Random geometric graph

A random geometric graph is an undirected geometric graph with nodes evenly distributed on the underlying space . Two nodes are connected if and only if their distance is less than a previously specified parameter . ${\ displaystyle [0,1) ^ {d}}$${\ displaystyle r \ in (0,1)}$

Random geometric graphs are similar to human social networks in many ways. They often show community structures; H. densely linked groups of nodes are formed. Other generators for random graphs, such as the Erdős – Rényi model or Barabási – Albert (BA) model , do not generate such structures.
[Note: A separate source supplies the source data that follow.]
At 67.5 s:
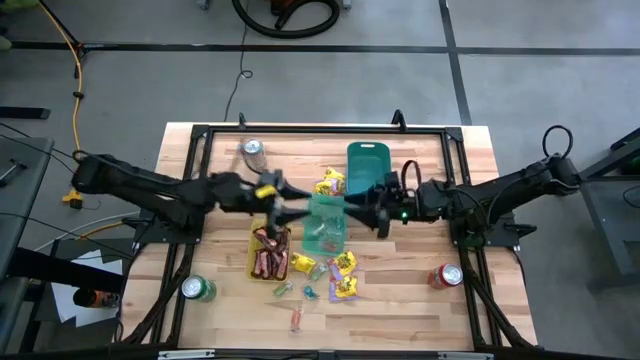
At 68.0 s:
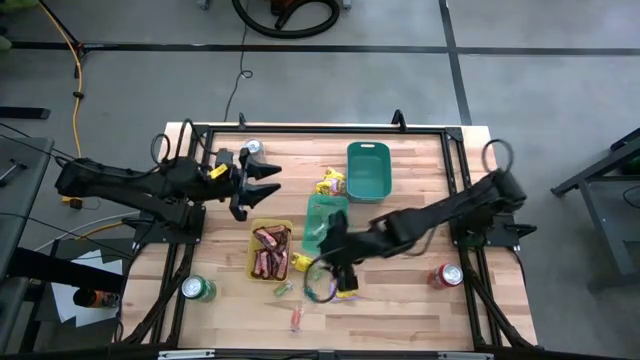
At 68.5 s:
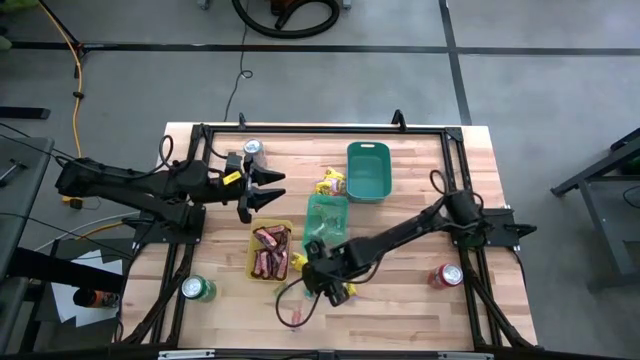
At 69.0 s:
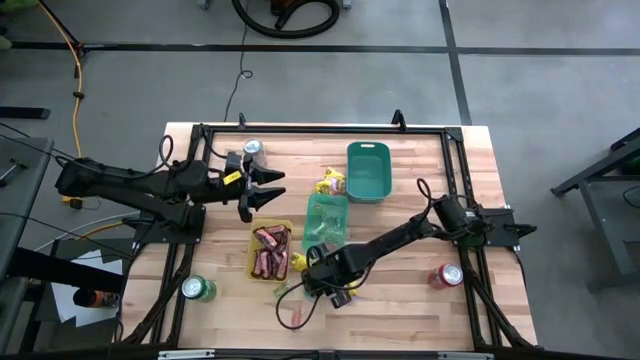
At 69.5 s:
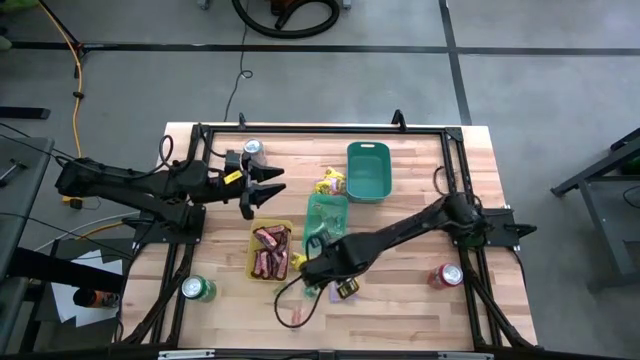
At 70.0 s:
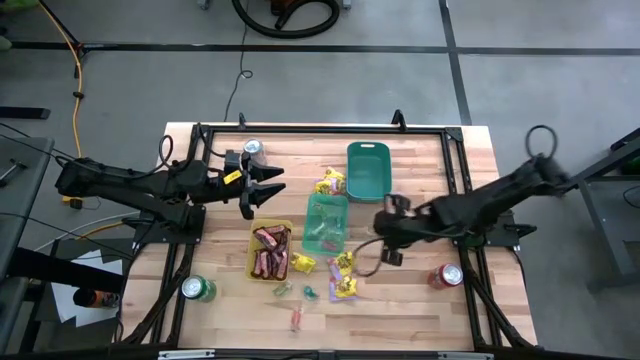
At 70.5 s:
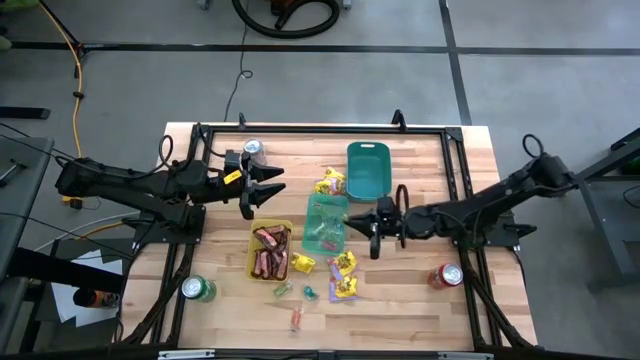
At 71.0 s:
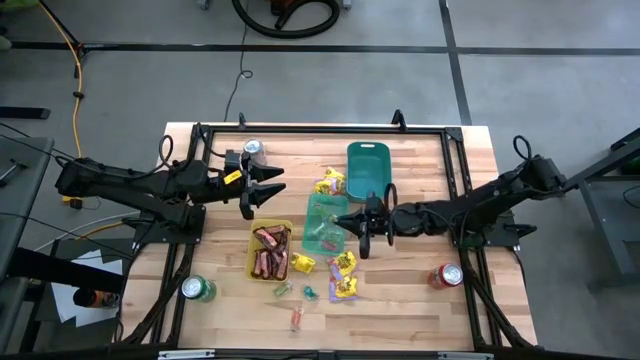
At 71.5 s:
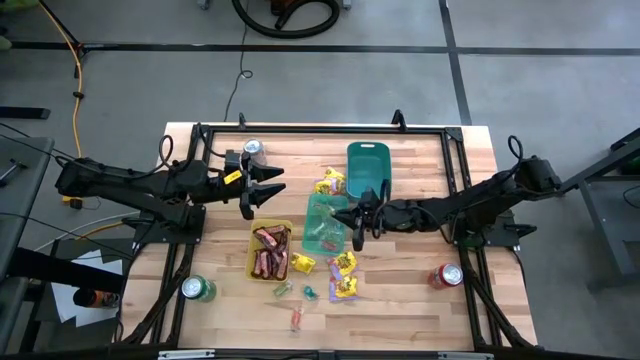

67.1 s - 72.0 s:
Task: Sort candy
Put the green gummy into the light blue bin

In addition, nodes with a high node degree are particularly likely to be connected to other nodes with a high node degree.

One application of the random geometric graphs is the modeling of ad hoc networks . They can also be used to benchmark (external) graph algorithms.

definition

Generation of a random geometric graph with n = 500 nodes for different parameters r.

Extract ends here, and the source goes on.